» Activity
Each entry has to be given again in its exact wording, and no picture may appear in the result.

____ Material shown

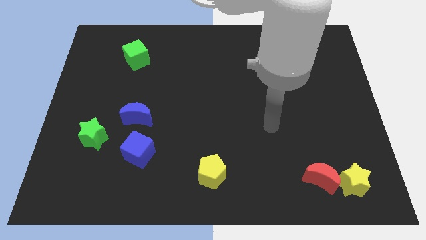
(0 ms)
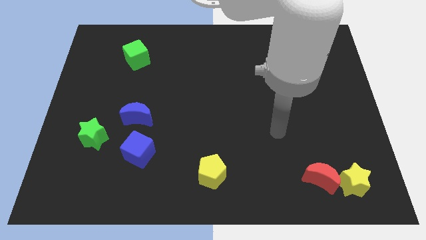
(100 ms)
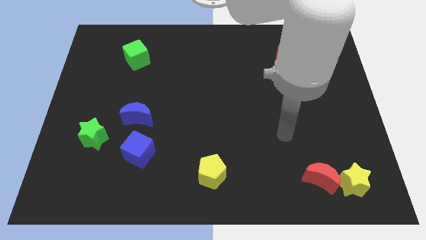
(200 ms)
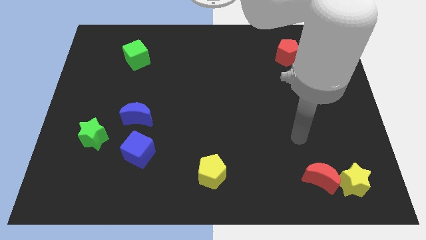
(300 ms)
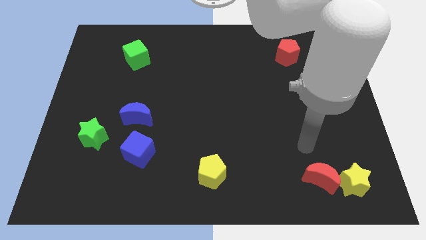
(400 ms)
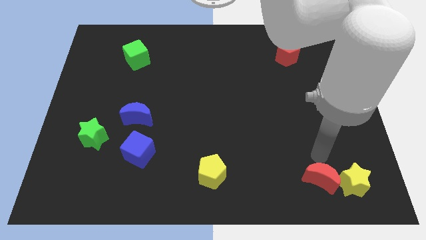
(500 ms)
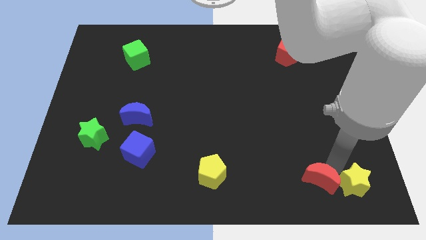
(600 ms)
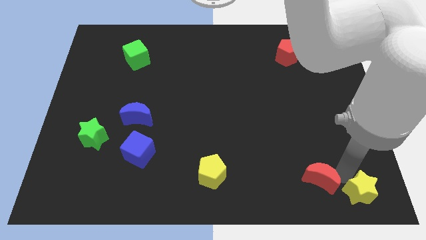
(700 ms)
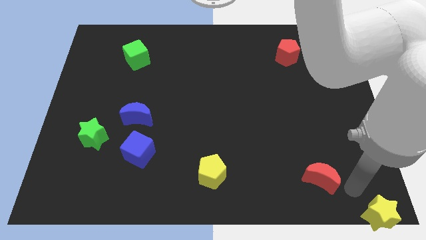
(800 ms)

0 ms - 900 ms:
pull the red moon apart from the yellow star

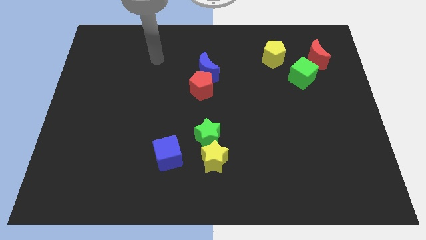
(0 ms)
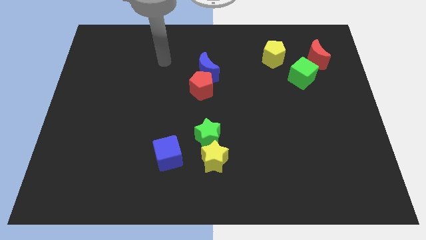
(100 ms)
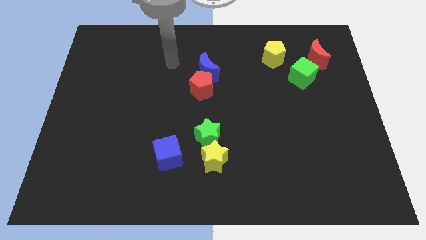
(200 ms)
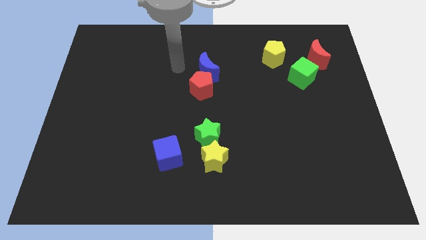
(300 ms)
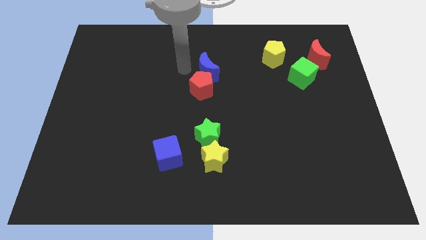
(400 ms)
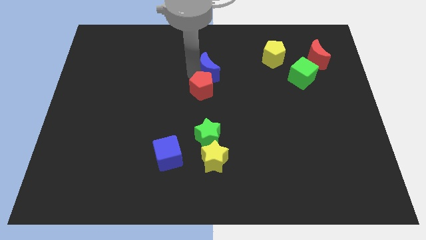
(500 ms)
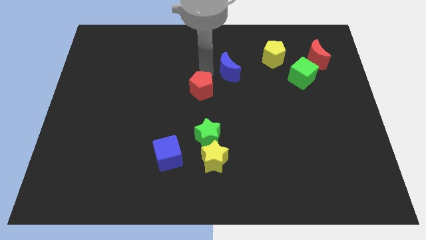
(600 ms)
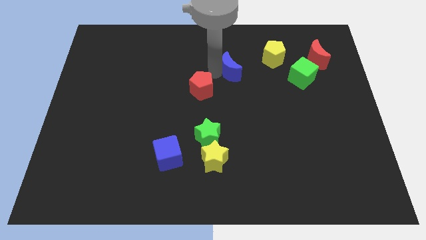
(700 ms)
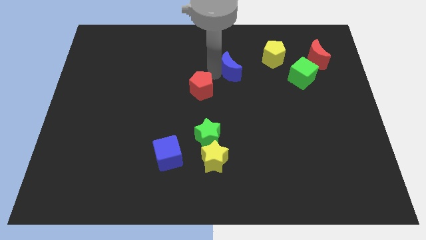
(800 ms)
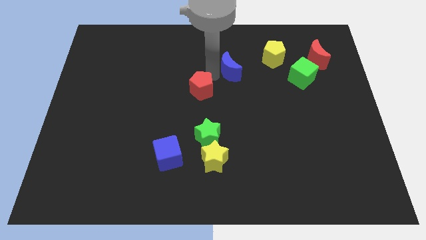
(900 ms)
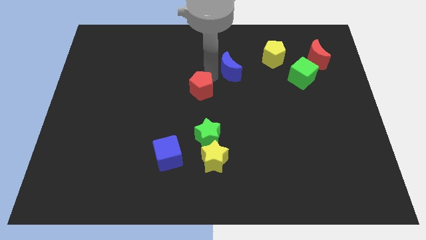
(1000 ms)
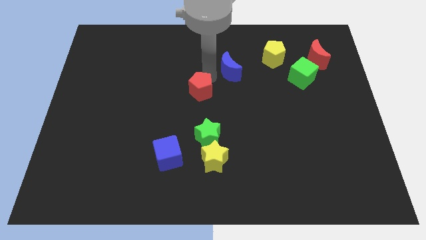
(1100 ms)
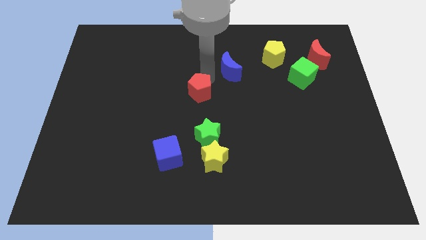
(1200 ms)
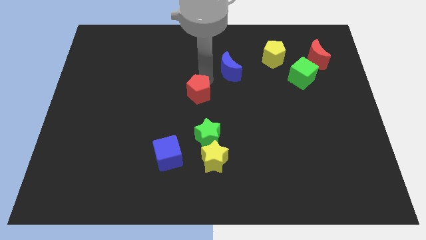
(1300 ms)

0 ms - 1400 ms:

________

» The answer
(0 ms)
(100 ms)
(200 ms)
(300 ms)
(400 ms)
(500 ms)
(600 ms)
(700 ms)
(800 ms)

0 ms - 900 ms:
pull the red moon apart from the yellow star

(0 ms)
(100 ms)
(200 ms)
(300 ms)
(400 ms)
(500 ms)
(600 ms)
(700 ms)
(800 ms)
(900 ms)
(1000 ms)
(1100 ms)
(1200 ms)
(1300 ms)

0 ms - 1400 ms:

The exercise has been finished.